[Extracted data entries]
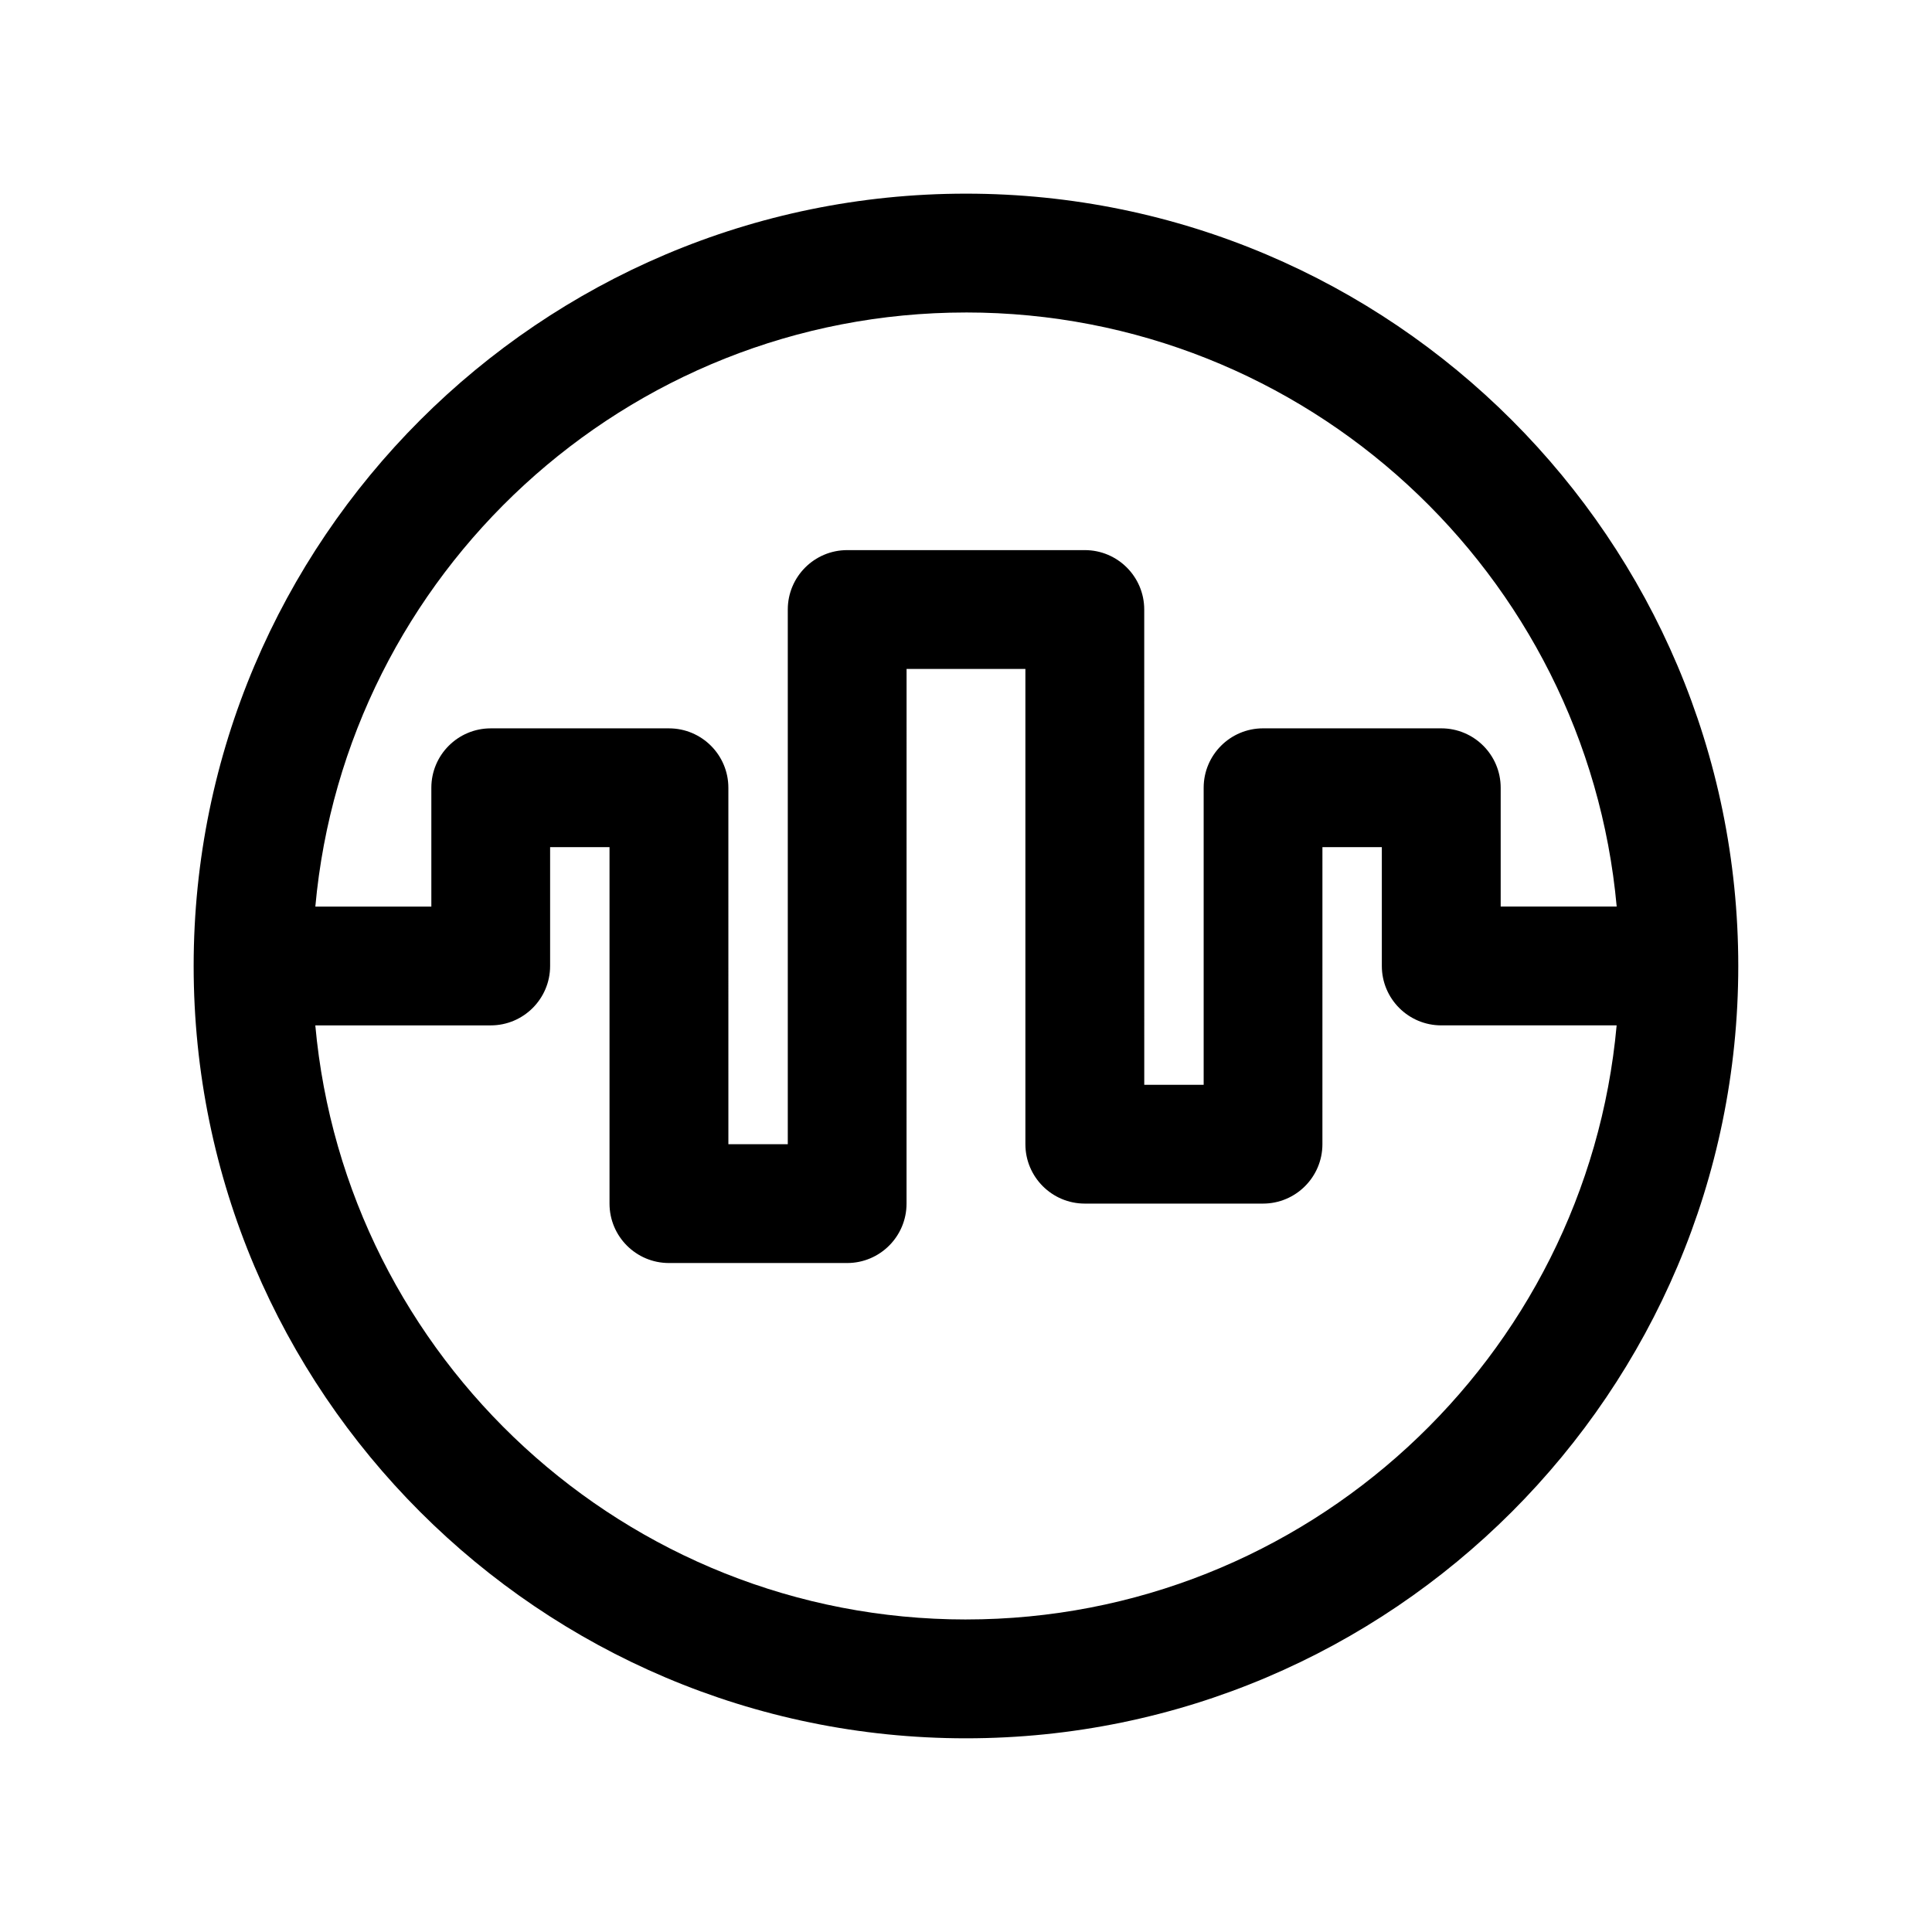 <?xml version="1.0" encoding="UTF-8"?>
<!-- The Best Svg Icon site in the world: iconSvg.co, Visit us! https://iconsvg.co -->
<svg fill="#000000" width="800px" height="800px" version="1.1" viewBox="144 144 512 512" xmlns="http://www.w3.org/2000/svg">
 <path d="m400 195.32c-112.86 0-204.68 91.82-204.68 204.68 0 112.86 91.82 204.67 204.67 204.67 112.86 0 204.67-91.812 204.67-204.67 0.004-112.86-91.809-204.68-204.67-204.68zm0 31.488c90.184 0 164.45 69.305 172.44 157.44h-30.742v-31.488c0-8.691-7.055-15.742-15.742-15.742h-47.23c-8.691 0-15.742 7.055-15.742 15.742v78.719h-15.742l-0.008-125.95c0-8.691-7.055-15.742-15.742-15.742h-62.977c-8.691 0-15.742 7.055-15.742 15.742v141.7h-15.742l-0.004-94.465c0-8.691-7.055-15.742-15.742-15.742h-47.23c-8.691 0-15.742 7.055-15.742 15.742v31.488h-30.742c7.977-88.133 82.25-157.44 172.43-157.44zm0 346.37c-90.184 0-164.45-69.305-172.44-157.44h46.484c8.691 0 15.742-7.055 15.742-15.742v-31.488h15.742v94.465c0 8.691 7.055 15.742 15.742 15.742h47.23c8.691 0 15.742-7.055 15.742-15.742l0.008-141.7h31.488v125.95c0 8.691 7.055 15.742 15.742 15.742h47.23c8.691 0 15.742-7.055 15.742-15.742l0.004-78.719h15.742v31.488c0 8.691 7.055 15.742 15.742 15.742h46.484c-7.977 88.137-82.25 157.44-172.43 157.44z"/>
</svg>

Activity
Without the pictures, retype all of the data above exactly.

Task solution
 <?xml version="1.0" encoding="UTF-8"?>
<!-- The Best Svg Icon site in the world: iconSvg.co, Visit us! https://iconsvg.co -->
<svg fill="#000000" width="800px" height="800px" version="1.1" viewBox="144 144 512 512" xmlns="http://www.w3.org/2000/svg">
 <path d="m400 195.32c-112.86 0-204.68 91.82-204.68 204.68 0 112.86 91.82 204.67 204.67 204.67 112.86 0 204.67-91.812 204.67-204.67 0.004-112.86-91.809-204.68-204.67-204.68zm0 31.488c90.184 0 164.45 69.305 172.44 157.44h-30.742v-31.488c0-8.691-7.055-15.742-15.742-15.742h-47.23c-8.691 0-15.742 7.055-15.742 15.742v78.719h-15.742l-0.008-125.95c0-8.691-7.055-15.742-15.742-15.742h-62.977c-8.691 0-15.742 7.055-15.742 15.742v141.7h-15.742l-0.004-94.465c0-8.691-7.055-15.742-15.742-15.742h-47.23c-8.691 0-15.742 7.055-15.742 15.742v31.488h-30.742c7.977-88.133 82.25-157.44 172.43-157.44zm0 346.37c-90.184 0-164.45-69.305-172.44-157.44h46.484c8.691 0 15.742-7.055 15.742-15.742v-31.488h15.742v94.465c0 8.691 7.055 15.742 15.742 15.742h47.23c8.691 0 15.742-7.055 15.742-15.742l0.008-141.7h31.488v125.95c0 8.691 7.055 15.742 15.742 15.742h47.23c8.691 0 15.742-7.055 15.742-15.742l0.004-78.719h15.742v31.488c0 8.691 7.055 15.742 15.742 15.742h46.484c-7.977 88.137-82.25 157.44-172.43 157.44z"/>
</svg>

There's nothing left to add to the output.